EXERCISE – Set the records down again in full, exactly as they are, apart from the images.

INPUT Start Marker

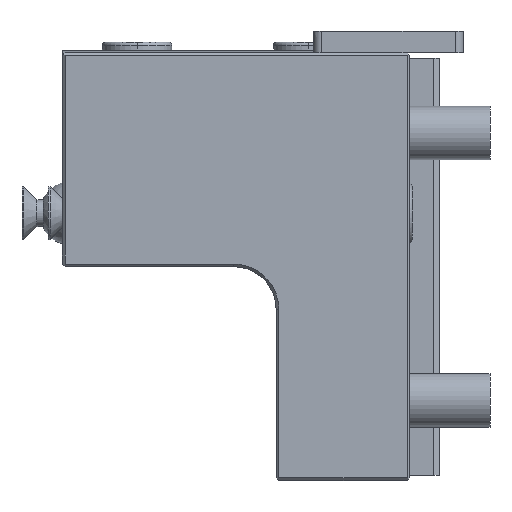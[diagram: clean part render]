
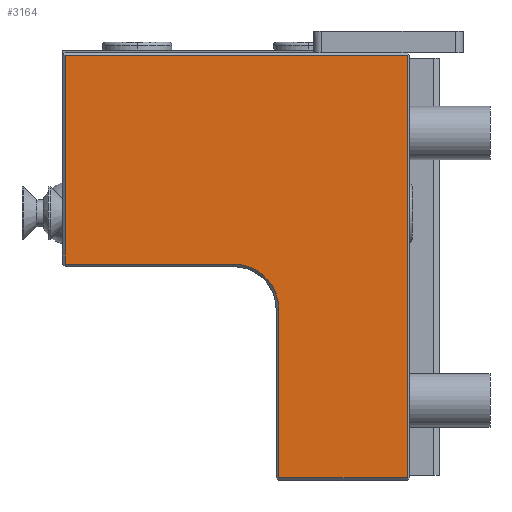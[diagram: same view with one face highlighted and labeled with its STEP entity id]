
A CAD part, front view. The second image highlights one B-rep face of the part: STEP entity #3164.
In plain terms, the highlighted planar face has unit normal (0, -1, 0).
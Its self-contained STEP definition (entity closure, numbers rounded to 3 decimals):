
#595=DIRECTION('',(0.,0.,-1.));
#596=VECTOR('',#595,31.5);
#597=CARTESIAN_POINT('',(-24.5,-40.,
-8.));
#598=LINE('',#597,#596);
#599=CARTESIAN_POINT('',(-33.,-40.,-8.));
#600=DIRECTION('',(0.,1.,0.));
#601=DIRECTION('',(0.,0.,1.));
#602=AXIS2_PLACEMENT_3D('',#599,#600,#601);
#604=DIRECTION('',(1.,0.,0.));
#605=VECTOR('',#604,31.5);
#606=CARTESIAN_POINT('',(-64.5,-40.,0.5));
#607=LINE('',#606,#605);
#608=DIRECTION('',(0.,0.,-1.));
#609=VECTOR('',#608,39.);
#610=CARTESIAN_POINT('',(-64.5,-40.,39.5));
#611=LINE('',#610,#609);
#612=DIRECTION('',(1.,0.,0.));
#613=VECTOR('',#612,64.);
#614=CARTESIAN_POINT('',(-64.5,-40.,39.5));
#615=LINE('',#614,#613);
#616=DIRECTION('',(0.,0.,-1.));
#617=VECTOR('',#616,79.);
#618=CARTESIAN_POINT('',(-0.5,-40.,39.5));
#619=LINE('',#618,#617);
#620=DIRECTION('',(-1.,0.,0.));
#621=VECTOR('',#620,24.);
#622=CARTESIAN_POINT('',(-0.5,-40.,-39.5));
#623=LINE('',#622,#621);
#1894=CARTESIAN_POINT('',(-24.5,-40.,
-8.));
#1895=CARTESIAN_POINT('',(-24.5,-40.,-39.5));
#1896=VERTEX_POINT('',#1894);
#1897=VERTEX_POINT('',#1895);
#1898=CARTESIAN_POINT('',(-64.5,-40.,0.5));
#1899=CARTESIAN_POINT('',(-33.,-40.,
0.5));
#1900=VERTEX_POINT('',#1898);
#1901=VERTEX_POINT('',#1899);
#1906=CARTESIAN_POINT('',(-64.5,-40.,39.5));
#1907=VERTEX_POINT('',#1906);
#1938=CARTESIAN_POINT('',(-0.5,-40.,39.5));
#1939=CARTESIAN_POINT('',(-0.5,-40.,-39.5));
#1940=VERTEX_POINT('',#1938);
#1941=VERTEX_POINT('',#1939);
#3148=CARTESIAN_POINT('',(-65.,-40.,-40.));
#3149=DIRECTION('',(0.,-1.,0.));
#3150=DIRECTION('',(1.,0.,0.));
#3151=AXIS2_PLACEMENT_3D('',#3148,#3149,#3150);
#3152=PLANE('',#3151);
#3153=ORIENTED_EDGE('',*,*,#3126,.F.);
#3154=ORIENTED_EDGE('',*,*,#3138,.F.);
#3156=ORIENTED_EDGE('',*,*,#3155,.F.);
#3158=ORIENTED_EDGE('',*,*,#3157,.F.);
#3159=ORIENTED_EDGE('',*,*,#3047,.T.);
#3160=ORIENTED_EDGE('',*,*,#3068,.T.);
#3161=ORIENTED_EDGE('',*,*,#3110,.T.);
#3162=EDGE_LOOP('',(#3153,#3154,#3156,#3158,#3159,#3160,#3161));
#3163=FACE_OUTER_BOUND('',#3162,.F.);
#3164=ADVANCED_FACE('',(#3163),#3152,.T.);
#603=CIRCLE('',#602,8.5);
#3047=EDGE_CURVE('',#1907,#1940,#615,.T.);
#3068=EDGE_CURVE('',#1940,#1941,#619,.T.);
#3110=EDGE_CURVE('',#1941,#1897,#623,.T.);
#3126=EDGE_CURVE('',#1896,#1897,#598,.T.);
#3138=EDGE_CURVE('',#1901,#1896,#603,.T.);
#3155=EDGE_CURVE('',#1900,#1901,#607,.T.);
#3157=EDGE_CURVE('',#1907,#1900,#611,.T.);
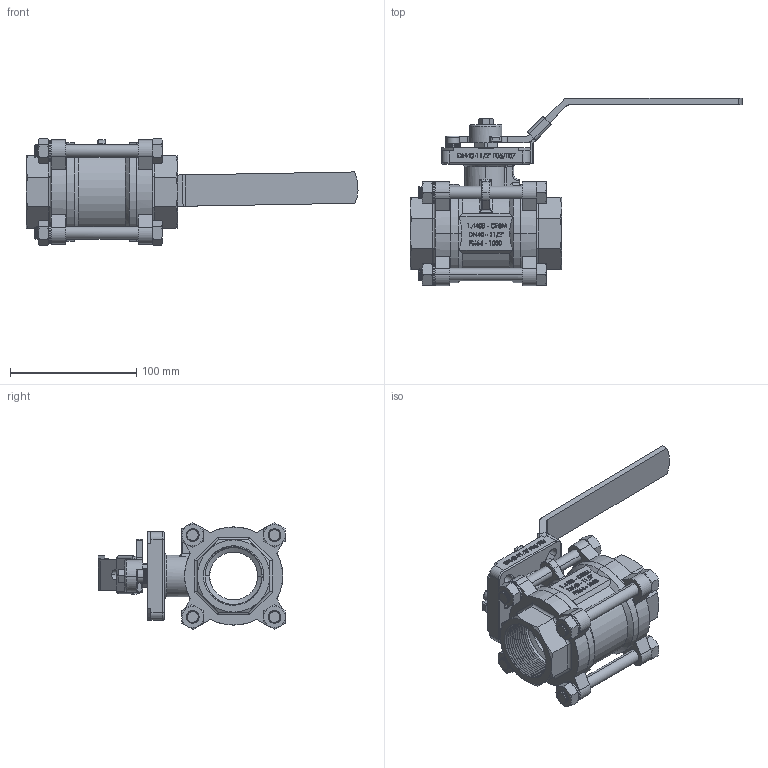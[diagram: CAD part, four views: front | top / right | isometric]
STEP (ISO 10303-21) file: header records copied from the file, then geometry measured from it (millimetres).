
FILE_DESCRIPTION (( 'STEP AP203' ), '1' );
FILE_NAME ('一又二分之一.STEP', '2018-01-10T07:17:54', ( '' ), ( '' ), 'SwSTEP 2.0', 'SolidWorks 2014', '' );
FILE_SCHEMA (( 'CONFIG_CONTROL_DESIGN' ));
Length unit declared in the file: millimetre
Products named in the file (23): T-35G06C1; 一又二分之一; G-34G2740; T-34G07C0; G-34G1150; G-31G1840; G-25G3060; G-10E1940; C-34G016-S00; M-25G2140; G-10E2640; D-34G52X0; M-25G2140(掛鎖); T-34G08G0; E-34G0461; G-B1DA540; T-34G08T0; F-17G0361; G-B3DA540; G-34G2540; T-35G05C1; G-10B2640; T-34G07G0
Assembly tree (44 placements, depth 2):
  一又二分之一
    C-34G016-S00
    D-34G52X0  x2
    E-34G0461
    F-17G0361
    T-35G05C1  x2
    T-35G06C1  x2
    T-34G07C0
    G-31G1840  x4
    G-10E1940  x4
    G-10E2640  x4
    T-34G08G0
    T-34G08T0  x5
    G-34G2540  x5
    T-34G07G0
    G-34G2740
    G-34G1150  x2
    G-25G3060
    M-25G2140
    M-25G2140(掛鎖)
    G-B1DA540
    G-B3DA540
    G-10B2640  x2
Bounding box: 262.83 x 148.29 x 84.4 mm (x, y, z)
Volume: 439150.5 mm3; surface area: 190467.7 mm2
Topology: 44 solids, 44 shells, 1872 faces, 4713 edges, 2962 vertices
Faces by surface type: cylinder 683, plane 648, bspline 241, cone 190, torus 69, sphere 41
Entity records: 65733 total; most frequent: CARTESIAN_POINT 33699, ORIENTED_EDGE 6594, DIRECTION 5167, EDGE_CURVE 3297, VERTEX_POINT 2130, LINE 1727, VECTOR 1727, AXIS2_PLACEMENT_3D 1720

INPUT End Marker

OUTPUT –
[diagram: clean part render]
[diagram: same view with one face highlighted and labeled with its STEP entity id]
A CAD part, front view. The second image highlights one B-rep face of the part: STEP entity #3164.
In plain terms, the highlighted planar face has unit normal (0, -1, 0).
Its self-contained STEP definition (entity closure, numbers rounded to 3 decimals):
#595=DIRECTION('',(0.,0.,-1.));
#596=VECTOR('',#595,31.5);
#597=CARTESIAN_POINT('',(-24.5,-40.,
-8.));
#598=LINE('',#597,#596);
#599=CARTESIAN_POINT('',(-33.,-40.,-8.));
#600=DIRECTION('',(0.,1.,0.));
#601=DIRECTION('',(0.,0.,1.));
#602=AXIS2_PLACEMENT_3D('',#599,#600,#601);
#604=DIRECTION('',(1.,0.,0.));
#605=VECTOR('',#604,31.5);
#606=CARTESIAN_POINT('',(-64.5,-40.,0.5));
#607=LINE('',#606,#605);
#608=DIRECTION('',(0.,0.,-1.));
#609=VECTOR('',#608,39.);
#610=CARTESIAN_POINT('',(-64.5,-40.,39.5));
#611=LINE('',#610,#609);
#612=DIRECTION('',(1.,0.,0.));
#613=VECTOR('',#612,64.);
#614=CARTESIAN_POINT('',(-64.5,-40.,39.5));
#615=LINE('',#614,#613);
#616=DIRECTION('',(0.,0.,-1.));
#617=VECTOR('',#616,79.);
#618=CARTESIAN_POINT('',(-0.5,-40.,39.5));
#619=LINE('',#618,#617);
#620=DIRECTION('',(-1.,0.,0.));
#621=VECTOR('',#620,24.);
#622=CARTESIAN_POINT('',(-0.5,-40.,-39.5));
#623=LINE('',#622,#621);
#1894=CARTESIAN_POINT('',(-24.5,-40.,
-8.));
#1895=CARTESIAN_POINT('',(-24.5,-40.,-39.5));
#1896=VERTEX_POINT('',#1894);
#1897=VERTEX_POINT('',#1895);
#1898=CARTESIAN_POINT('',(-64.5,-40.,0.5));
#1899=CARTESIAN_POINT('',(-33.,-40.,
0.5));
#1900=VERTEX_POINT('',#1898);
#1901=VERTEX_POINT('',#1899);
#1906=CARTESIAN_POINT('',(-64.5,-40.,39.5));
#1907=VERTEX_POINT('',#1906);
#1938=CARTESIAN_POINT('',(-0.5,-40.,39.5));
#1939=CARTESIAN_POINT('',(-0.5,-40.,-39.5));
#1940=VERTEX_POINT('',#1938);
#1941=VERTEX_POINT('',#1939);
#3148=CARTESIAN_POINT('',(-65.,-40.,-40.));
#3149=DIRECTION('',(0.,-1.,0.));
#3150=DIRECTION('',(1.,0.,0.));
#3151=AXIS2_PLACEMENT_3D('',#3148,#3149,#3150);
#3152=PLANE('',#3151);
#3153=ORIENTED_EDGE('',*,*,#3126,.F.);
#3154=ORIENTED_EDGE('',*,*,#3138,.F.);
#3156=ORIENTED_EDGE('',*,*,#3155,.F.);
#3158=ORIENTED_EDGE('',*,*,#3157,.F.);
#3159=ORIENTED_EDGE('',*,*,#3047,.T.);
#3160=ORIENTED_EDGE('',*,*,#3068,.T.);
#3161=ORIENTED_EDGE('',*,*,#3110,.T.);
#3162=EDGE_LOOP('',(#3153,#3154,#3156,#3158,#3159,#3160,#3161));
#3163=FACE_OUTER_BOUND('',#3162,.F.);
#3164=ADVANCED_FACE('',(#3163),#3152,.T.);
#603=CIRCLE('',#602,8.5);
#3047=EDGE_CURVE('',#1907,#1940,#615,.T.);
#3068=EDGE_CURVE('',#1940,#1941,#619,.T.);
#3110=EDGE_CURVE('',#1941,#1897,#623,.T.);
#3126=EDGE_CURVE('',#1896,#1897,#598,.T.);
#3138=EDGE_CURVE('',#1901,#1896,#603,.T.);
#3155=EDGE_CURVE('',#1900,#1901,#607,.T.);
#3157=EDGE_CURVE('',#1907,#1900,#611,.T.);
[diagram: CAD part, four views: front | top / right | isometric]
STEP (ISO 10303-21) file: header records copied from the file, then geometry measured from it (millimetres).
FILE_DESCRIPTION (( 'STEP AP203' ), '1' );
FILE_NAME ('一又二分之一.STEP', '2018-01-10T07:17:54', ( '' ), ( '' ), 'SwSTEP 2.0', 'SolidWorks 2014', '' );
FILE_SCHEMA (( 'CONFIG_CONTROL_DESIGN' ));
Length unit declared in the file: millimetre
Products named in the file (23): T-35G06C1; 一又二分之一; G-34G2740; T-34G07C0; G-34G1150; G-31G1840; G-25G3060; G-10E1940; C-34G016-S00; M-25G2140; G-10E2640; D-34G52X0; M-25G2140(掛鎖); T-34G08G0; E-34G0461; G-B1DA540; T-34G08T0; F-17G0361; G-B3DA540; G-34G2540; T-35G05C1; G-10B2640; T-34G07G0
Assembly tree (44 placements, depth 2):
  一又二分之一
    C-34G016-S00
    D-34G52X0  x2
    E-34G0461
    F-17G0361
    T-35G05C1  x2
    T-35G06C1  x2
    T-34G07C0
    G-31G1840  x4
    G-10E1940  x4
    G-10E2640  x4
    T-34G08G0
    T-34G08T0  x5
    G-34G2540  x5
    T-34G07G0
    G-34G2740
    G-34G1150  x2
    G-25G3060
    M-25G2140
    M-25G2140(掛鎖)
    G-B1DA540
    G-B3DA540
    G-10B2640  x2
Bounding box: 262.83 x 148.29 x 84.4 mm (x, y, z)
Volume: 439150.5 mm3; surface area: 190467.7 mm2
Topology: 44 solids, 44 shells, 1872 faces, 4713 edges, 2962 vertices
Faces by surface type: cylinder 683, plane 648, bspline 241, cone 190, torus 69, sphere 41
Entity records: 65733 total; most frequent: CARTESIAN_POINT 33699, ORIENTED_EDGE 6594, DIRECTION 5167, EDGE_CURVE 3297, VERTEX_POINT 2130, LINE 1727, VECTOR 1727, AXIS2_PLACEMENT_3D 1720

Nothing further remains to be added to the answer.